Note that assigning a new dtype doesn't trigger any checks, so you can do very weird stuff with your array. In the above example, 64 bits of floats were reinterpreted as 64 bits of integers. But you can also change the bit size:
>>> arr = np.random.rand(3)
>>> arr.shape
(3,)
>>> arr.dtype
dtype('float64')
>>> arr.dtype = np.float32
>>> arr.shape
(6,)
>>> arr
array([ 4.00690371e+35, 1.87285304e+00, 8.62005305e+13,
1.33751166e+00, 7.17894062e+30, 1.81315207e+00], dtype=float32)

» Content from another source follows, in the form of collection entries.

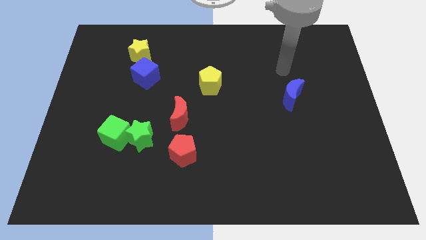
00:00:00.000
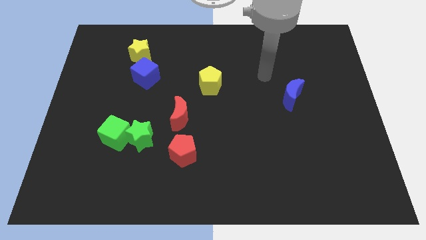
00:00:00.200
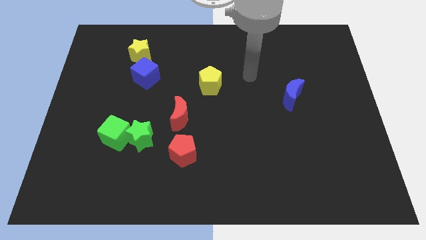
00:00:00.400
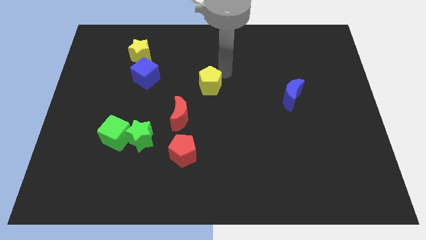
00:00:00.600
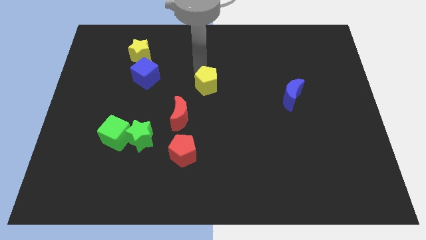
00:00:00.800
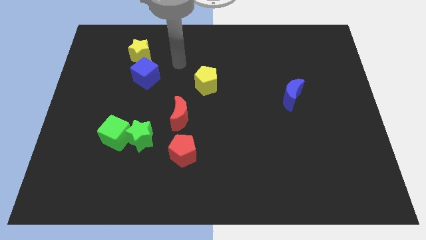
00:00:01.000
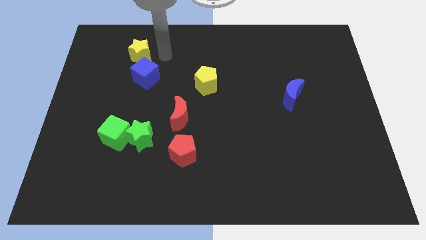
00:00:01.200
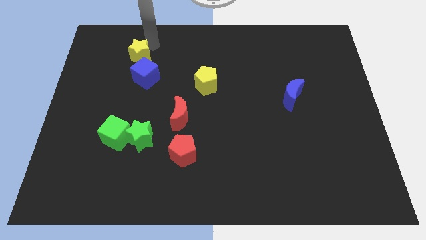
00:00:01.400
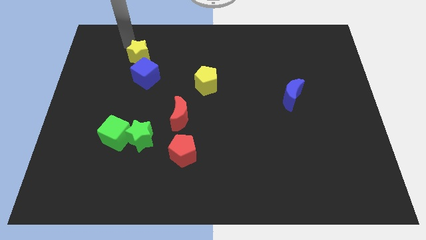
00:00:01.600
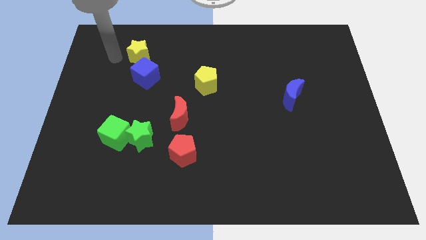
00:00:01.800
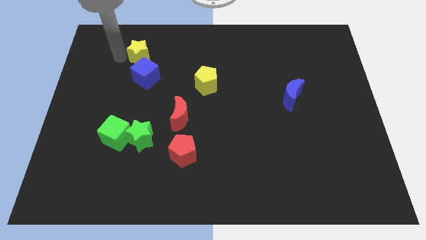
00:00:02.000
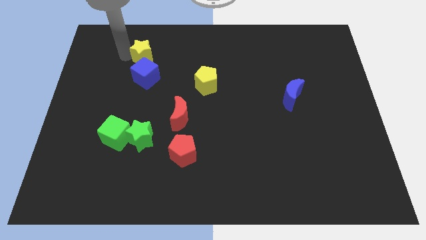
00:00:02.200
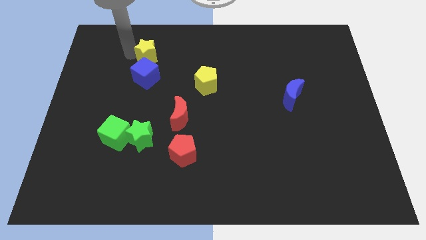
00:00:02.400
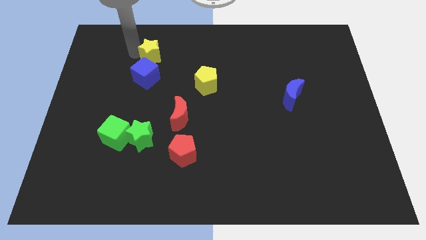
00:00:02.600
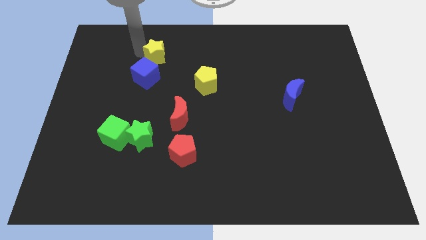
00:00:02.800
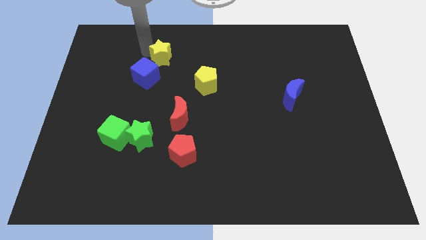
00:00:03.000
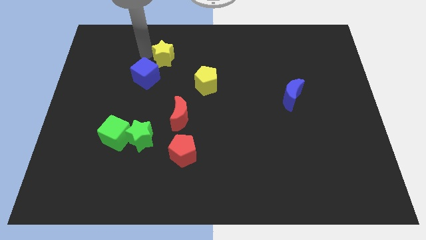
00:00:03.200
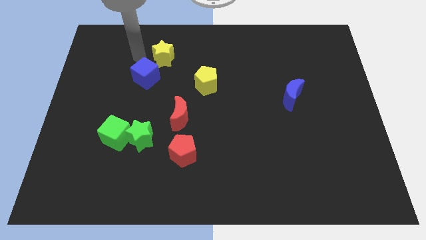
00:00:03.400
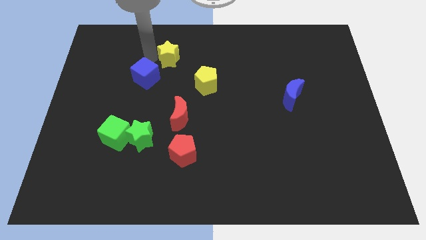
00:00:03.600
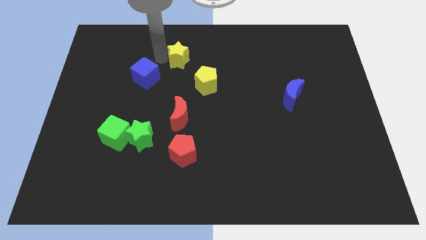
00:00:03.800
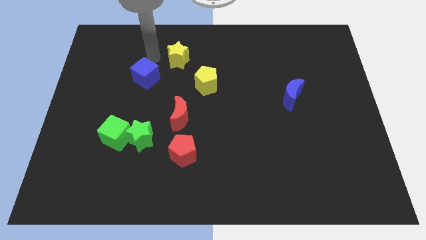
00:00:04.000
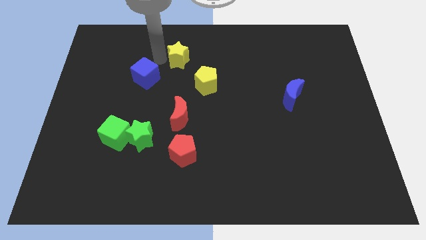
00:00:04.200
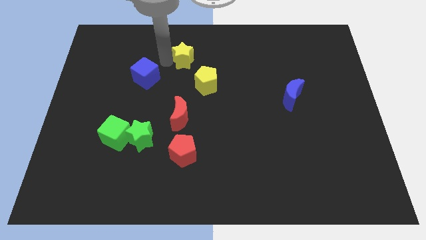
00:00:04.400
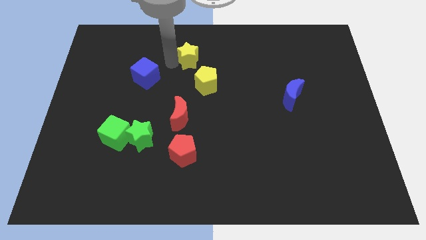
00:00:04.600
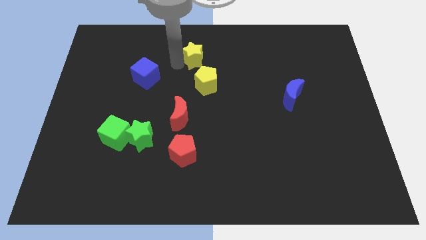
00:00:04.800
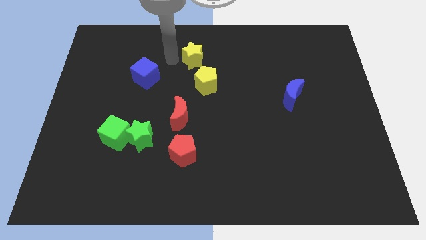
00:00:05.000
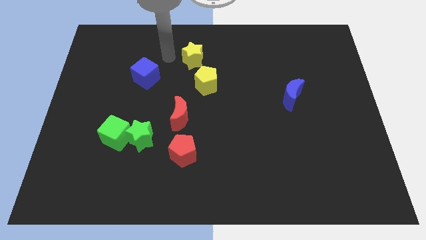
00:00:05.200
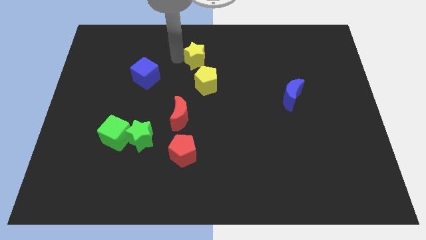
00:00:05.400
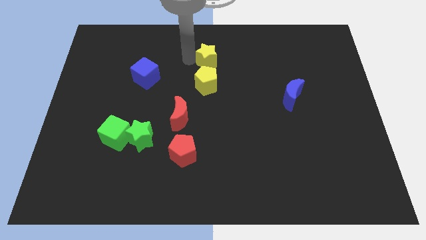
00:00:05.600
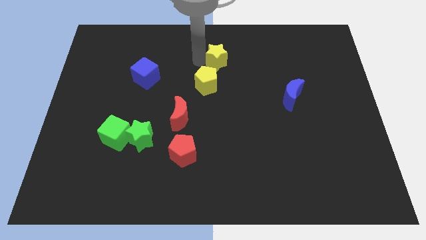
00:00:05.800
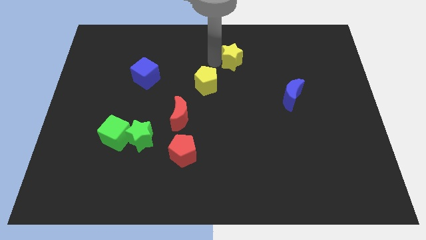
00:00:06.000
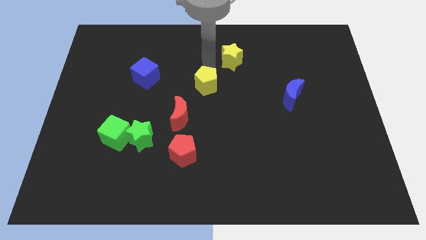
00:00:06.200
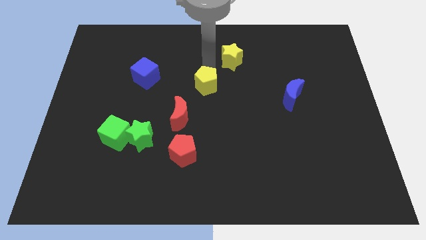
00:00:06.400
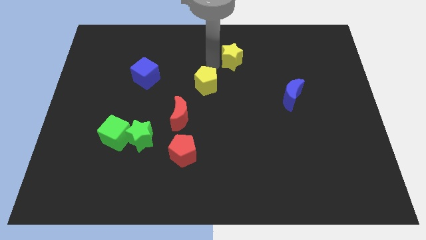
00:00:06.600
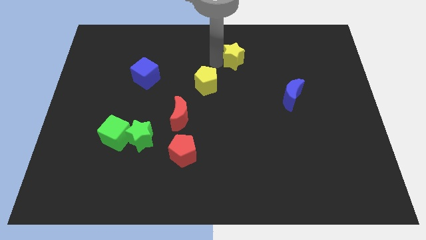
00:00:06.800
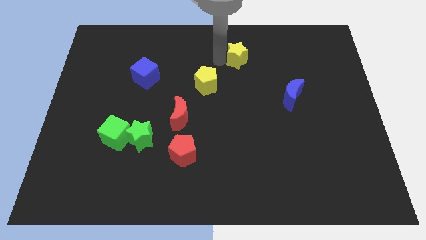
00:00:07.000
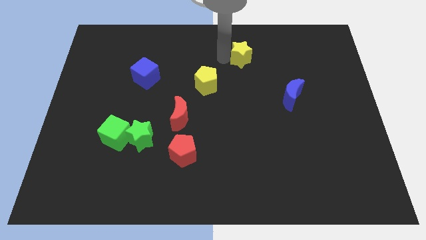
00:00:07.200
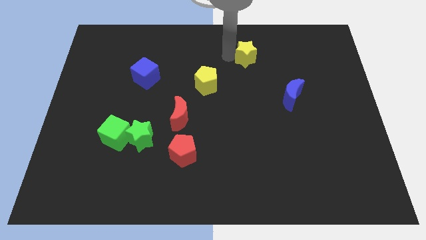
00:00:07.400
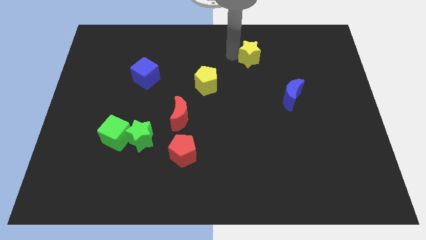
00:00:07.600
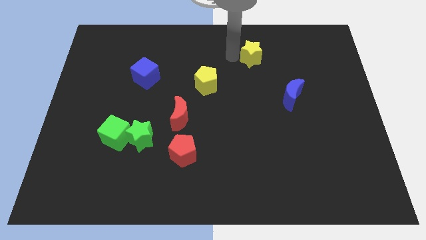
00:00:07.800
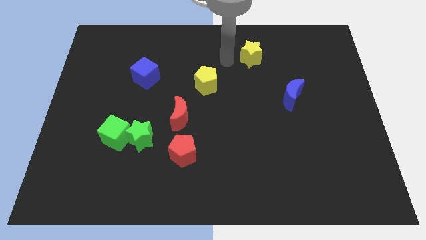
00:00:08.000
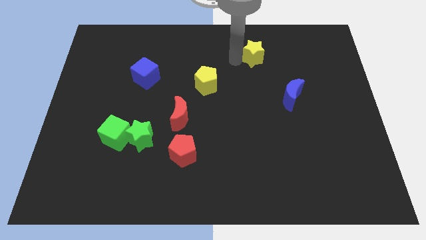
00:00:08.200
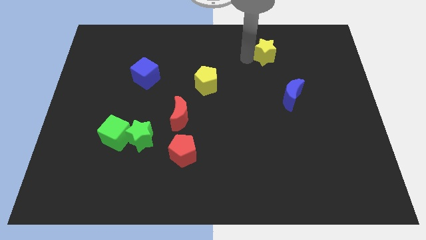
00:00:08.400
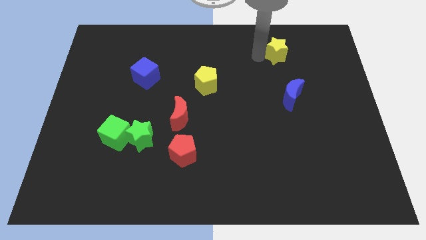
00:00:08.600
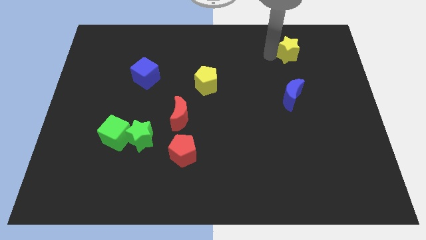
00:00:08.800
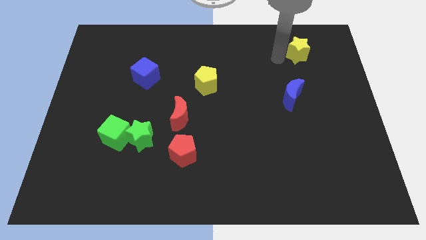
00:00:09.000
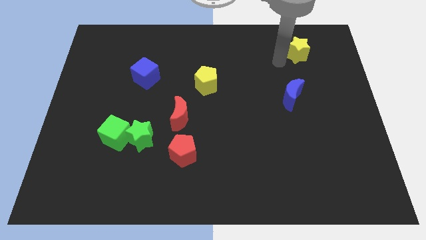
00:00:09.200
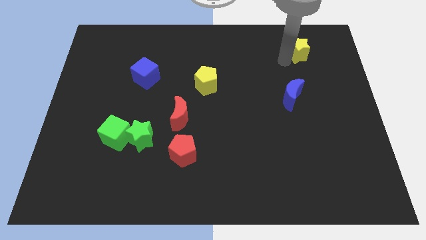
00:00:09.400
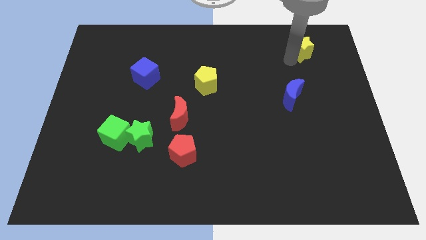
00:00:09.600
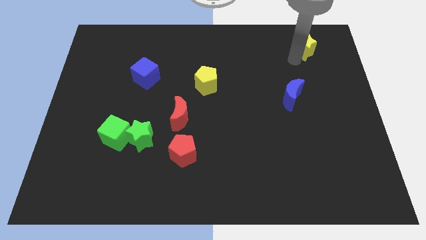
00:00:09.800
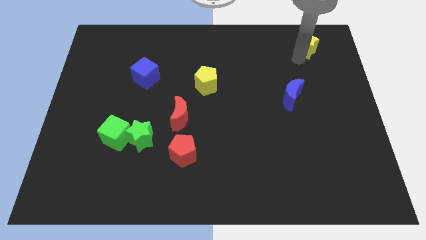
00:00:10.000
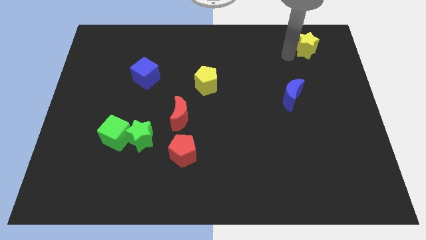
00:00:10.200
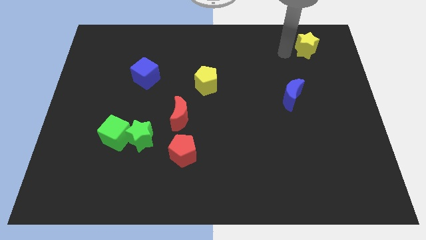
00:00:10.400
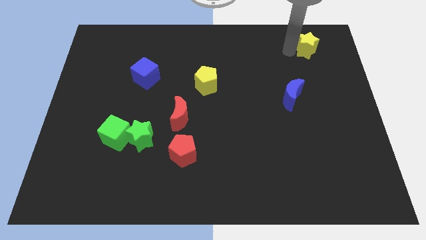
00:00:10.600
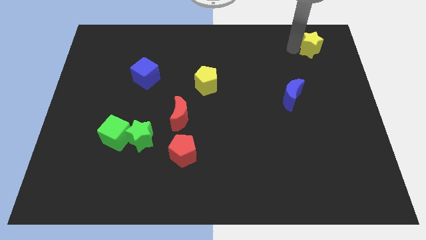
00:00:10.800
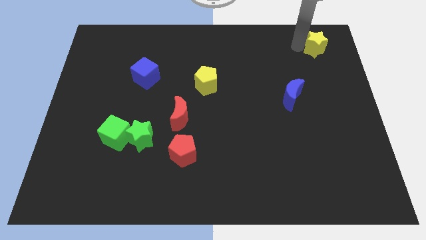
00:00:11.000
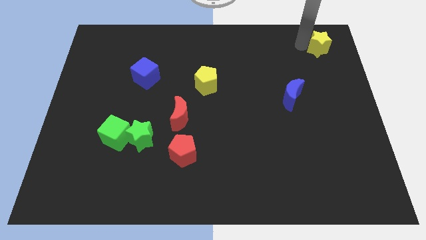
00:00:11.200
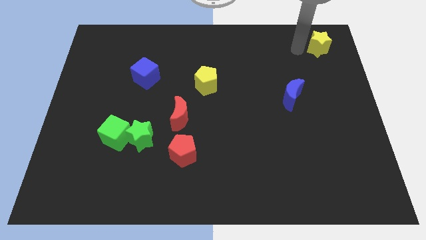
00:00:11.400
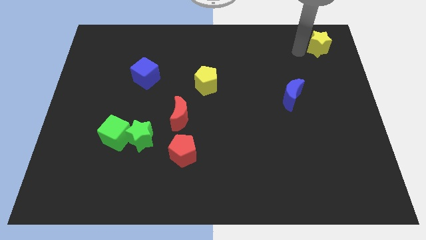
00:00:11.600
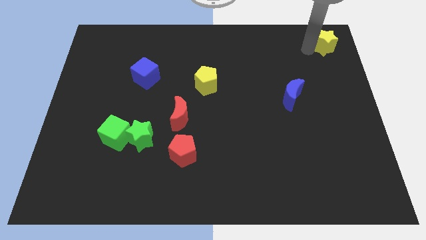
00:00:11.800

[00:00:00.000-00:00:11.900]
put the yellow star to the top right of the board

By telling numpy that your data occupies half the space than originally, numpy will deduce that your array has twice as many elements! Clearly not what you should ever want to do.
Another example: consider the 8-bit unsigned integer 255==2**8-1: it corresponds to 11111111 in binary. Now, try to reinterpret two of these numbers as a single 16-bit unsigned integer:
>>> arr = np.array([255,255],dtype=np.uint8)
>>> arr.dtype = np.uint16
>>> arr
array([65535], dtype=uint16)
As you can see, the result is the single number 65535. If that doesn't ring a bell, it's exactly 2**16-1, with 16 ones in its binary pattern. The two full-one patterns were reinterpreted as a single 16-bit number, and the result changed accordingly. The reason you often see weirder numbers is that reinterpreting floats as ints as vice versa will lead to a much stronger mangling of the data, due to how floating-point numbers are represented in memory.
As hpaulj noted, you can directly perform this reinterpretation of the data by constructing a new view of the array with a modified dtype. This is probably more useful than having to reassign the dtype of a given array, but then again changing the dtype is only useful in fairly rare, very specific use cases.